Produce an exact transcription of the listing below, omitting the pictures.

=== Begin Enclosure ===

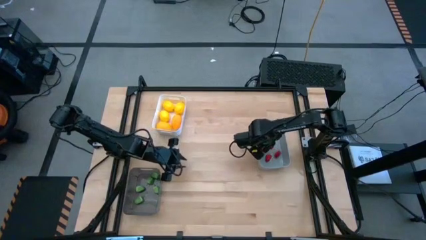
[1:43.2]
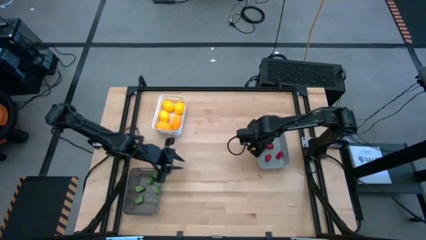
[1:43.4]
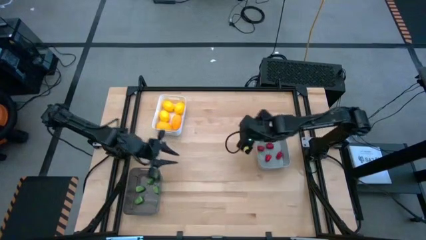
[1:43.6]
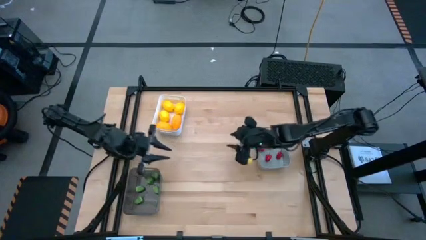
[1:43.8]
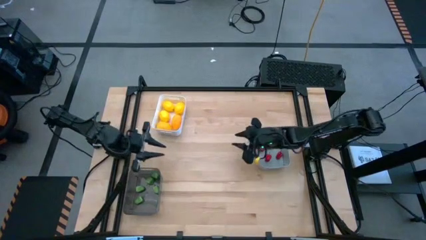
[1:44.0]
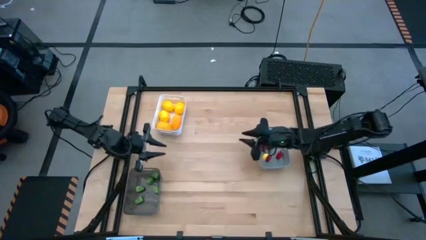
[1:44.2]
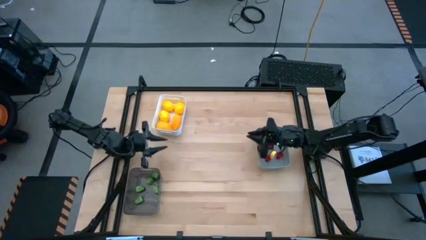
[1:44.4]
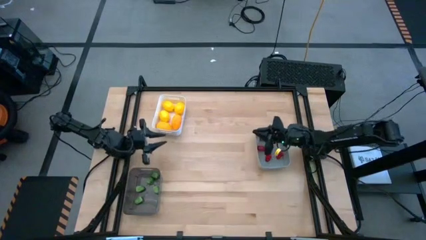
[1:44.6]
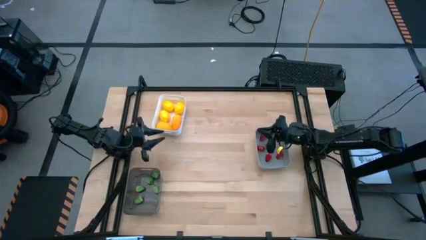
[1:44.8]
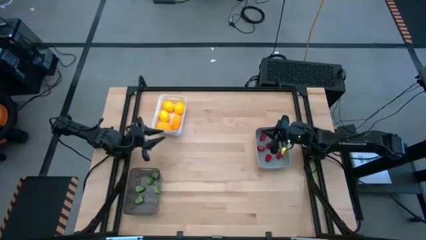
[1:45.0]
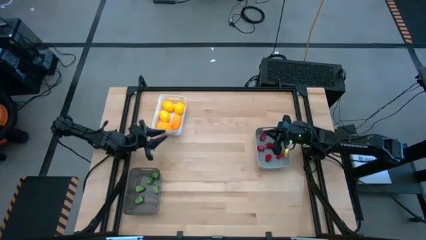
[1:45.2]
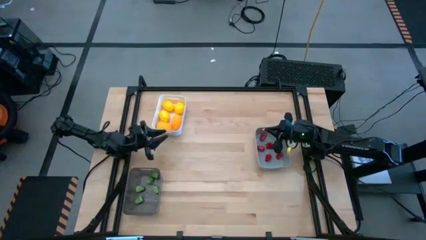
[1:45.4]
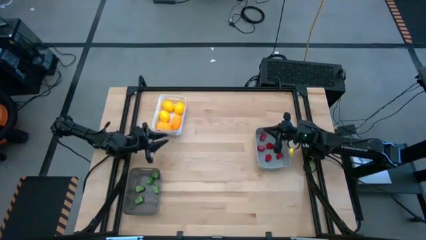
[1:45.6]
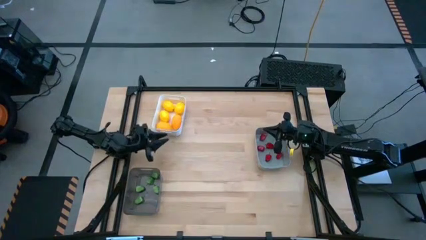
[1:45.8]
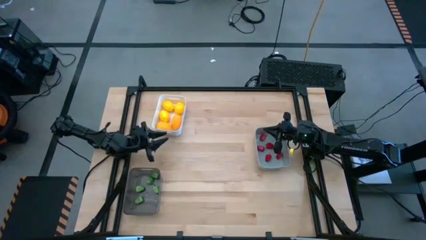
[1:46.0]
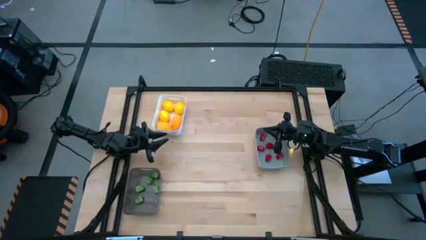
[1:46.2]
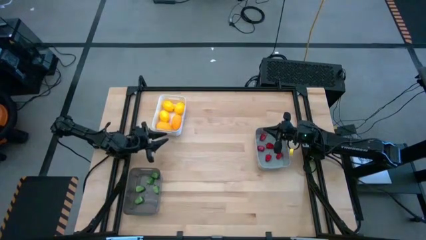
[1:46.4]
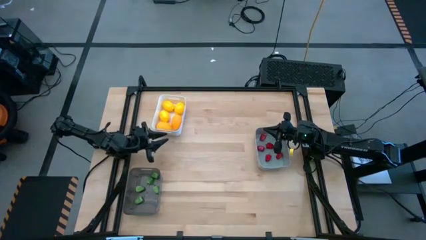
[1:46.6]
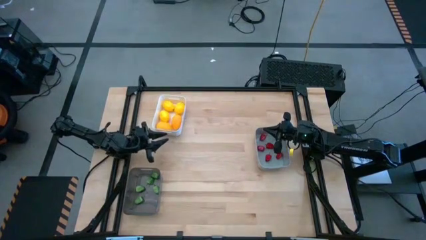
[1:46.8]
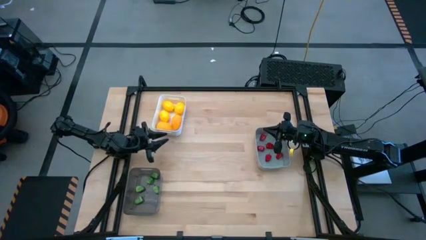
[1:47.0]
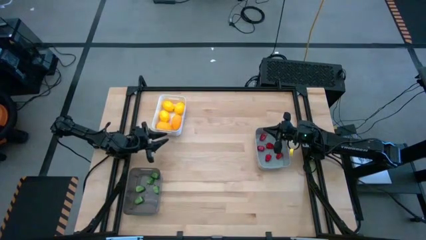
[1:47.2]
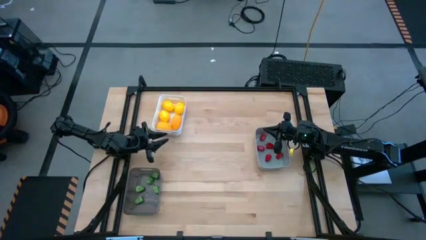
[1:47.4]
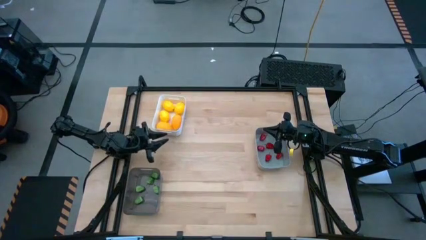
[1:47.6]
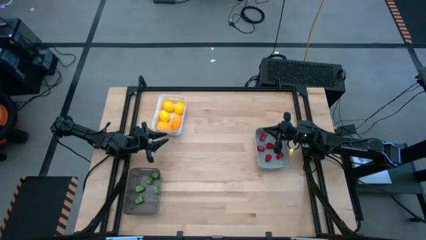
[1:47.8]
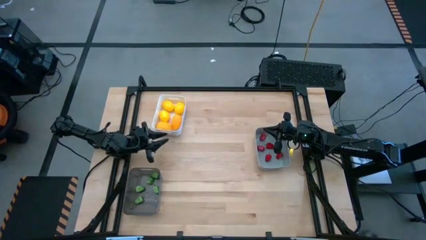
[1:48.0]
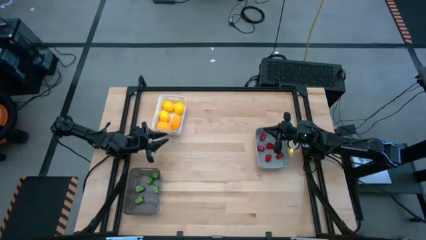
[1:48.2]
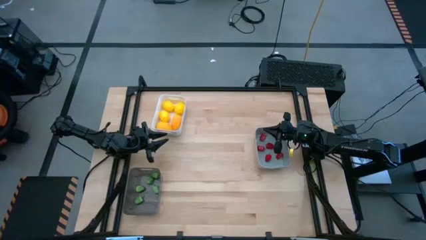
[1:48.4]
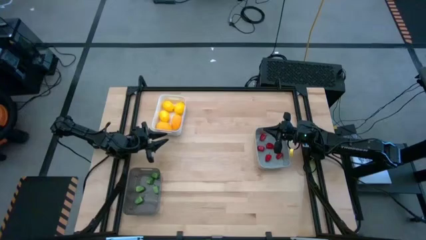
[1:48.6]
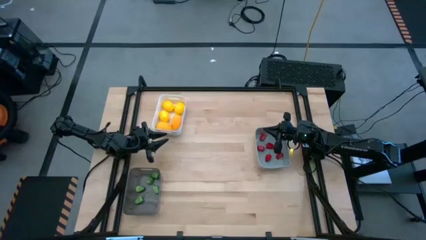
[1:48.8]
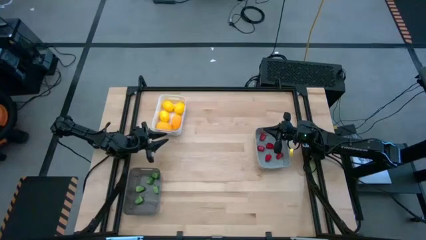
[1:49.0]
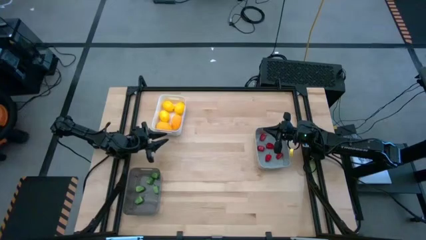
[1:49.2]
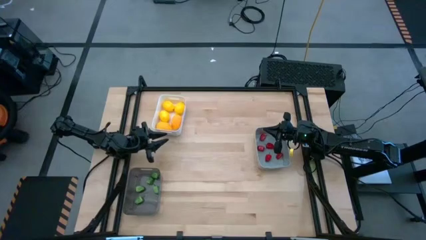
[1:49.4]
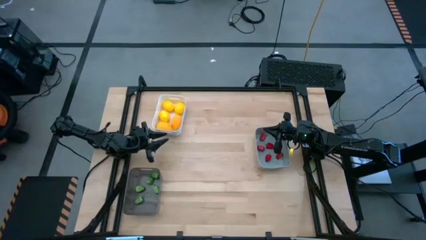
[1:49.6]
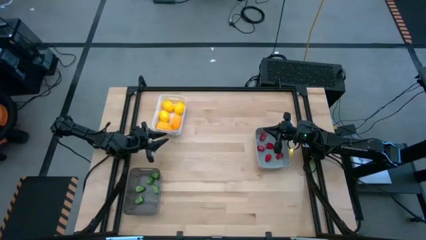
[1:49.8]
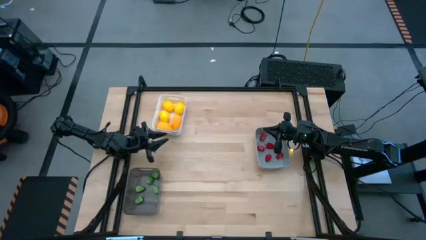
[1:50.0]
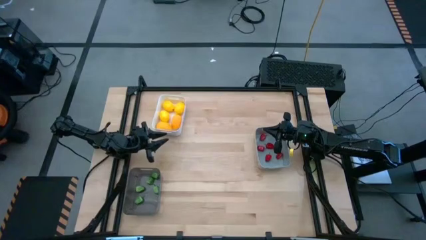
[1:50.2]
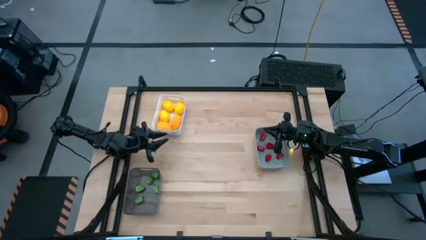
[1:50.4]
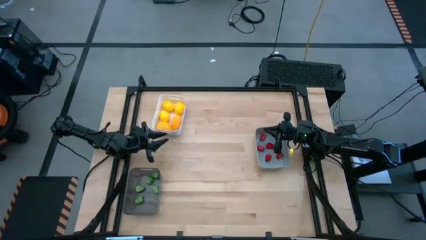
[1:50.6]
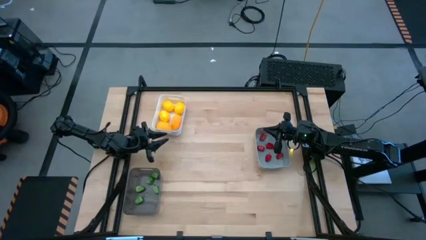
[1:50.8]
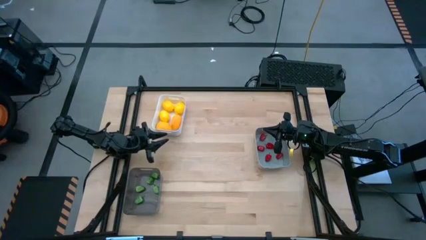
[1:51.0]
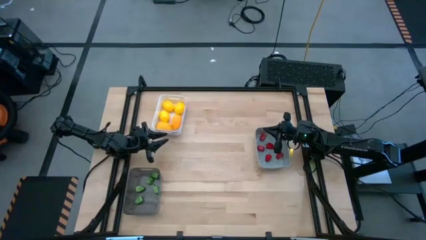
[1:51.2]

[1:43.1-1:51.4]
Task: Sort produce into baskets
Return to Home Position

=== End Enclosure ===

- _PROBLEM SOLUTION_
[1:43.2]
[1:43.4]
[1:43.6]
[1:43.8]
[1:44.0]
[1:44.2]
[1:44.4]
[1:44.6]
[1:44.8]
[1:45.0]
[1:45.2]
[1:45.4]
[1:45.6]
[1:45.8]
[1:46.0]
[1:46.2]
[1:46.4]
[1:46.6]
[1:46.8]
[1:47.0]
[1:47.2]
[1:47.4]
[1:47.6]
[1:47.8]
[1:48.0]
[1:48.2]
[1:48.4]
[1:48.6]
[1:48.8]
[1:49.0]
[1:49.2]
[1:49.4]
[1:49.6]
[1:49.8]
[1:50.0]
[1:50.2]
[1:50.4]
[1:50.6]
[1:50.8]
[1:51.0]
[1:51.2]

[1:43.1-1:51.4]
Task: Sort produce into baskets
Return to Home Position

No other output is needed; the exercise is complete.